When Cork lost to Tipperary in the 2020 Munster football final, one of the sorest points of that defeat extended far beyond silverware - the real loss was the developmental opportunity to play another top-four team (Mayo) in Croke Park in an All-Ireland semi-final.
It’s always unfair to make comparisons but when Cork were last a force at this level under Conor Counihan, they were the most regular visitors to Croke Park outside of Dublin; after winning the Division Two League title in Croke Park in 2009, Cork won three successive Division One titles there between 2010-12. In those same four seasons, between 2009-2012, Cork played 10 championship matches in Croke Park.
Losing their footing in Munster after 2012, and then losing their Division One status in 2016 - and failing to get it back ever since – are the obvious reasons why Cork have been such infrequent visitors to Headquarters in the meantime. When Dublin did play in Division Two for one season in 2023, their league meeting against Cork that spring was in Páirc Uí Chaoimh.
Cork’s last win in Croke Park was against Galway in a qualifier in 2013. In the intervening 12 years, Cork have only played seven championship games in Croke Park, all of which they lost; against Dublin (2013, 2019 and 2022), Mayo (2014), Donegal (2016), Tyrone (2019) and Derry (2023).
When Cork last played Dublin in Croke Park, in the 2022 All-Ireland quarter-final, 12 of the players which featured that afternoon had never played in Croke Park before. It showed when Dublin cruised to an 11-point win.
At least that inexperience isn’t as much of an issue now as Cork get ready to face Dublin in Saturday’s All-Ireland preliminary quarter-final; of the 20 players which featured last weekend against Roscommon, only five have never played in Croke Park before.
It's a huge challenge, but one of the massive positives that a win against Dublin would now present to Cork is the guarantee of two knockout championship matches in Croke Park for the first time in 12 years.
In a new championship with new rules and new frontiers being crossed every week, one of the boons has been some of the outstanding individual scoring performances in that environment.

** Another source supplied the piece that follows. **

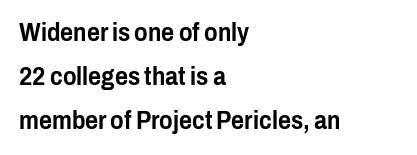
The image shows 25 px text type, upright; set left-aligned, line spacing 1.77x, normal letter spacing, not underlined.
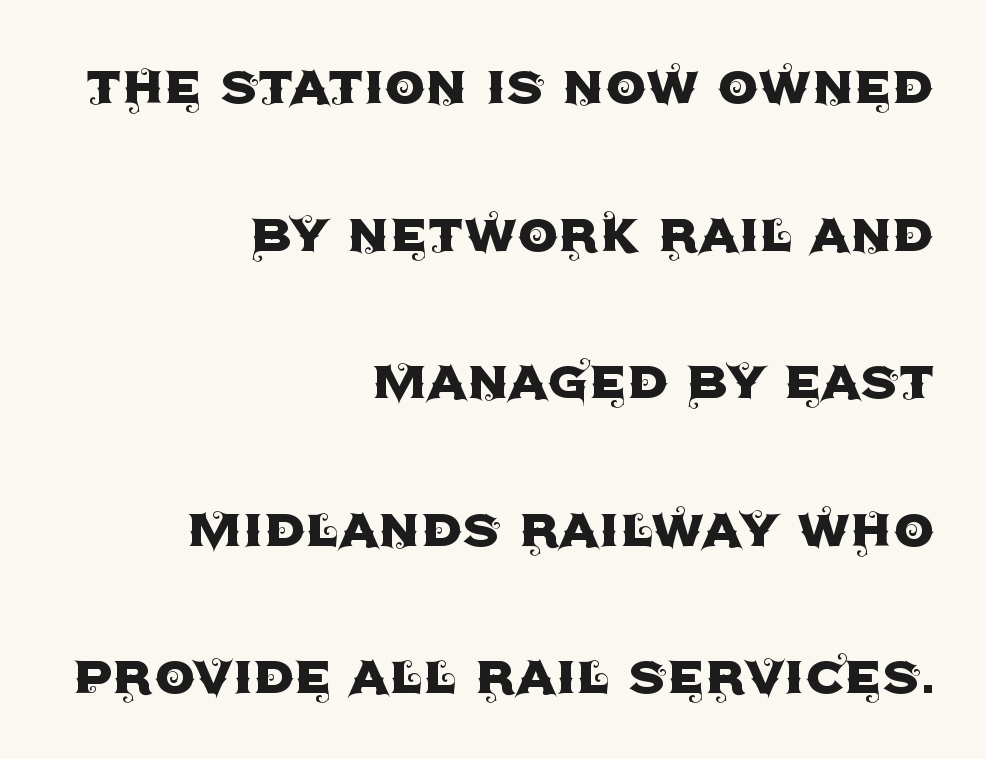
The image shows 65 px sans-serif type, upright; set right-aligned, loose line spacing (2.27x), normal letter spacing, not underlined; a large x-height.

That potential was first showcased in the spring when Limerick’s James Naughton hit an incredible 4-12 against Waterford in the league, a tally that broke Frankie Donnelly’s record (4-11 for Tyrone in a Dr Lagan Cup game against Fermanagh) for the highest individual scoring feat in an inter-county game.
Nobody has gone close to repeating Naughton’s feat in the championship but a handful of players have racked up some outstanding individual tallies; Westmeath’s Luke Loughlin clocked a whopping 1-17 in the Tailteann Cup against Antrim.

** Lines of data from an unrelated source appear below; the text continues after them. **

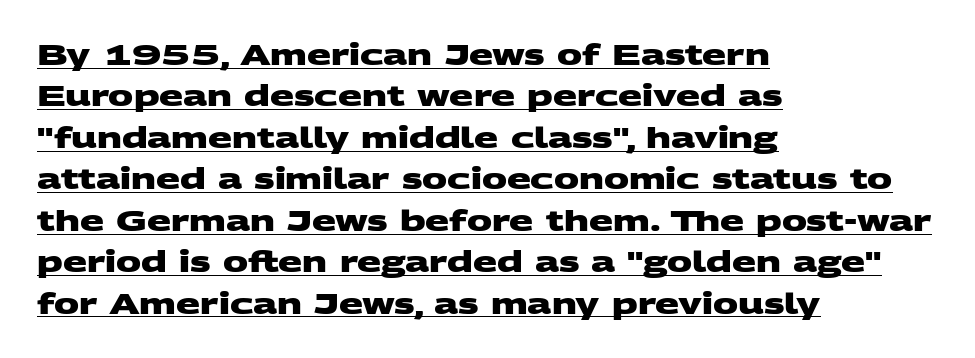
Caption: lettering with a line underneath. You could not count columns in this text — the font is proportionally spaced. Note: no serifs on the glyphs. Stroke thickness is high; the sample reads as a true bold.
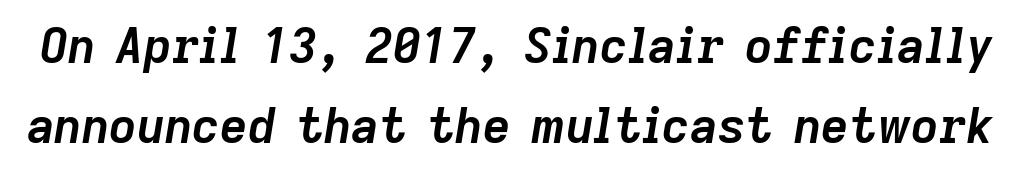
Q: Is the text bold? A: Yes.
Q: Is the text italic (slanted)? A: Yes, it leans right by about 9 degrees.
Q: Is the text underlined? A: No.
Q: Is the spacing between letters normal or unusually wide? A: Normal.
Q: Is the spacing between lines tight, normal or loose? A: Normal.
Q: Width (condensed, normal, or wide)? A: Normal.
Q: Stroke contrast? A: Low.
Q: x-height? A: Medium.
Q: Monospaced? A: No.

Loughlin’s total was buttressed by five two-pointers but his haul still took him to within one point of Cillian O’Connor’s individual championship record of 4-9 for Mayo against Tipperary in the 2020 All-Ireland semi-final.
However, Loughlin’s total saw him surpass the individual scoring feats of Dublin’s Johnny Joyce (5-3 versus Longford in 1960) and Fermanagh's Rory Gallagher (3-9 versus Monaghan in 2002).

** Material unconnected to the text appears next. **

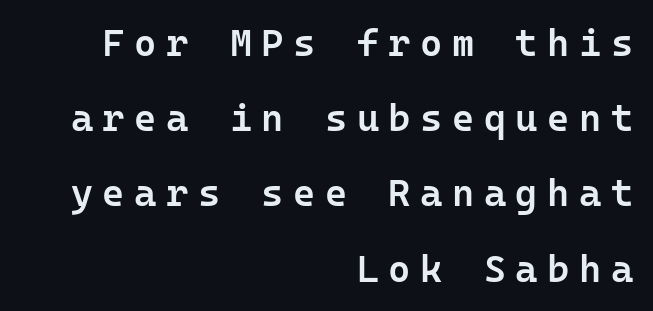
{"serif": "no", "italic": "no", "bold": "semi", "weight": "semibold", "width": "normal", "stroke_contrast": "low", "x_height": "medium", "monospaced": "yes", "underline": "no", "align": "right", "line_spacing": "loose", "line_spacing_ratio": 1.98, "letter_spacing": "wide", "letter_spacing_em": 0.25, "glyph_px": 38}

He may have recorded less than half of Loughlin’s tally but one of the standout individual scoring performances this summer was Conor Love’s 0-9 (0-8 from play - all white flags) against Wexford in the Tailteann Cup recently in Croke Park.
Love first showcased that scoring potential in a brilliant performance against Down in the Ulster quarter-final in April when registering 0-5 from play. Love always had huge ability but he is a player that has thrived under the new rules. A completely different type of forward to Seán Quigley, it’s been a long time since Fermanagh produced a player with Love’s scoring ability.
Kildare, Fermanagh’s opponents in Sunday’s Tailteann Cup semi-final, have some good man-markers and they’ll have earmarked Love as a priority match-up. Because as he showed against Wexford, Love has the capacity to cut loose in Croke Park.